*** Exercise data Section Begins ***

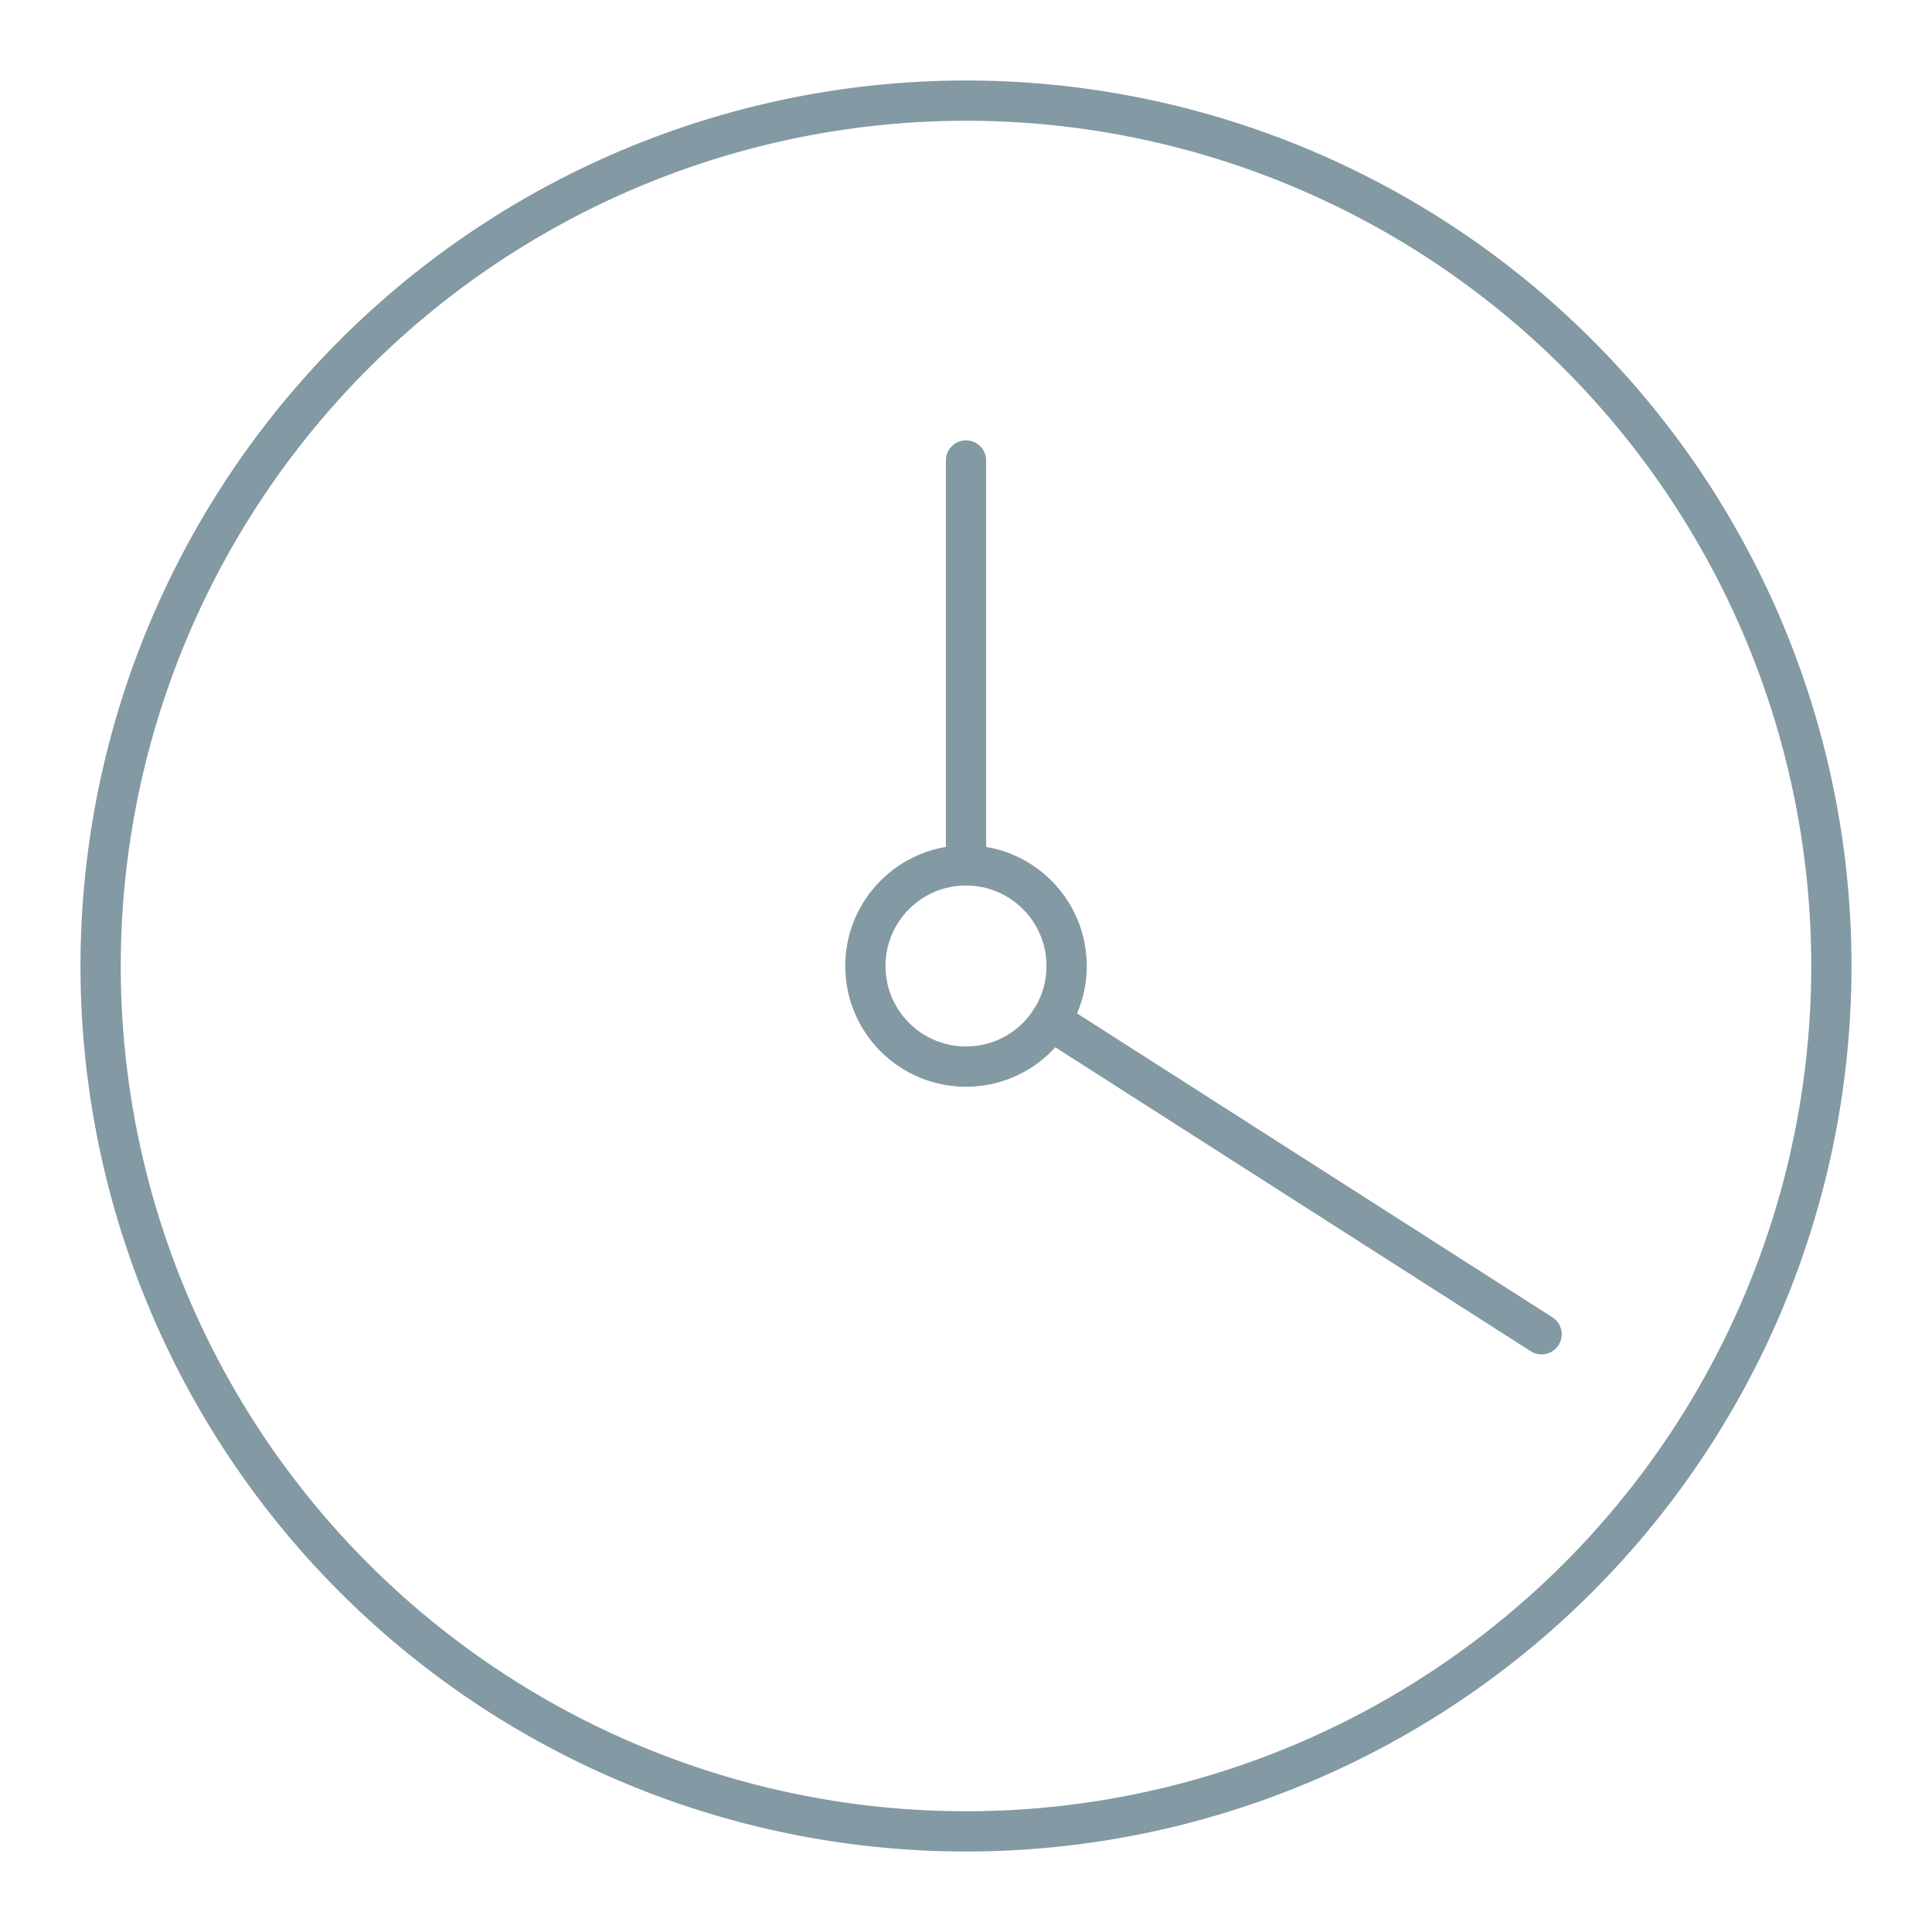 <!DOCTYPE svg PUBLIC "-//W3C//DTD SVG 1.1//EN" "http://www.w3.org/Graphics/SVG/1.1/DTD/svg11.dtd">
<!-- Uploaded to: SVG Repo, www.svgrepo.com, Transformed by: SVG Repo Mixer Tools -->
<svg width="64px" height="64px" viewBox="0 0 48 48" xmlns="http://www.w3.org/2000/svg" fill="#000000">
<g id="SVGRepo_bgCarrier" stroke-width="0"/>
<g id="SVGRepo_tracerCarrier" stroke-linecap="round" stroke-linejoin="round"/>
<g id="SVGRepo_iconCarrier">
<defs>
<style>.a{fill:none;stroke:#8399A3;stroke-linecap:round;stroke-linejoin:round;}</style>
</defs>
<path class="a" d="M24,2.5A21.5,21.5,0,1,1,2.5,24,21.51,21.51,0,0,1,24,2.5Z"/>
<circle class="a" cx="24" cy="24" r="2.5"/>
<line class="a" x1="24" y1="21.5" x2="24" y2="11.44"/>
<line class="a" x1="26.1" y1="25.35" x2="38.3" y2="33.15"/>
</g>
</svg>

*** Exercise data Section Ends ***
*** Exercise data Section Begins ***

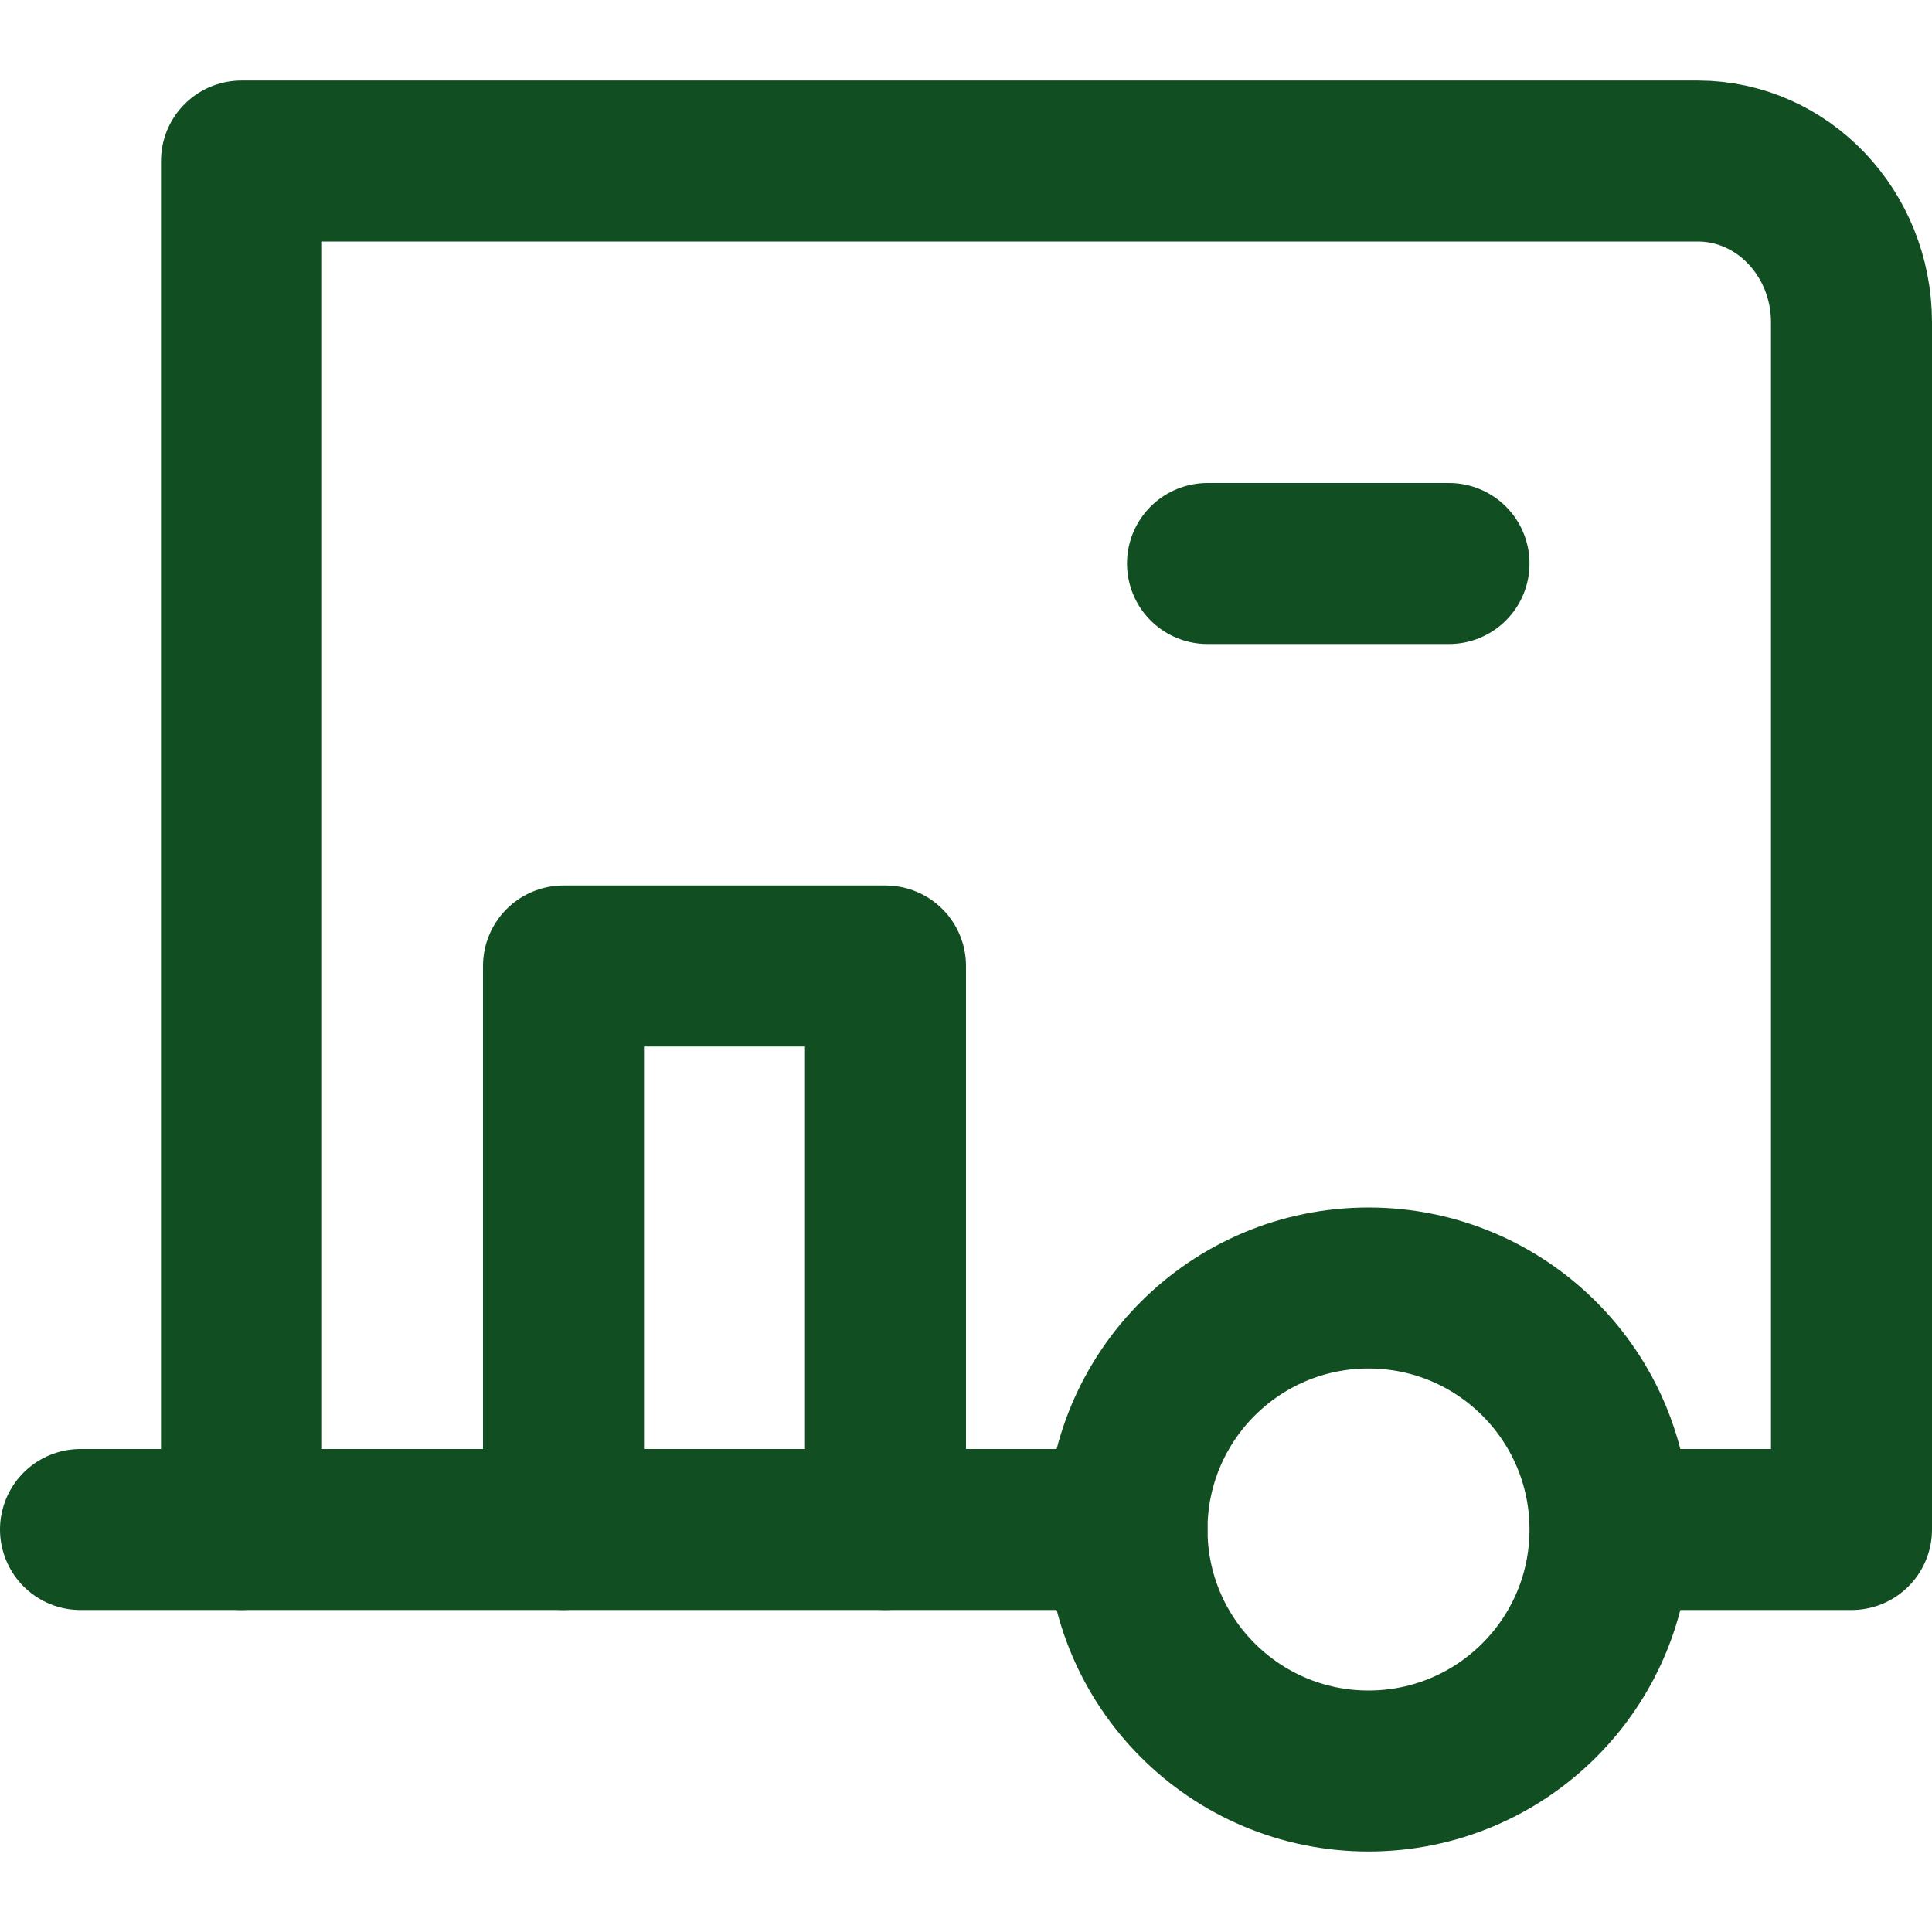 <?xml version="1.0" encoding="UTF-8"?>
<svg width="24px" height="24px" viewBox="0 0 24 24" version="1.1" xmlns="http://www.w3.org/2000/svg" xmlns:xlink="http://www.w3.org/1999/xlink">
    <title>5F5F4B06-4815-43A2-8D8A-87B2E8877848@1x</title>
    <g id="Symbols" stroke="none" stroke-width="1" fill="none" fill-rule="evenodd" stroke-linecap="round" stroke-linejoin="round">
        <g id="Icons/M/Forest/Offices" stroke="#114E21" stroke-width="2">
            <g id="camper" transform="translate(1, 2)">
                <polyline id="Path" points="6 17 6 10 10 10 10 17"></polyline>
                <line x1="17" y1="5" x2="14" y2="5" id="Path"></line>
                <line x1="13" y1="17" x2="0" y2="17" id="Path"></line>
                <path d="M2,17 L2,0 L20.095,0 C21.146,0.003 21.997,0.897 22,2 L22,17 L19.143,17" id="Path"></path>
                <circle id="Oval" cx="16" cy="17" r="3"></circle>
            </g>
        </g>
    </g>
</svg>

*** Exercise data Section Ends ***

* _Problem requirements_
Bring together each line above where the string "xmlns" turns up.

* _The completed task_
<svg width="64px" height="64px" viewBox="0 0 48 48" xmlns="http://www.w3.org/2000/svg" fill="#000000">
<svg width="24px" height="24px" viewBox="0 0 24 24" version="1.1" xmlns="http://www.w3.org/2000/svg" xmlns:xlink="http://www.w3.org/1999/xlink">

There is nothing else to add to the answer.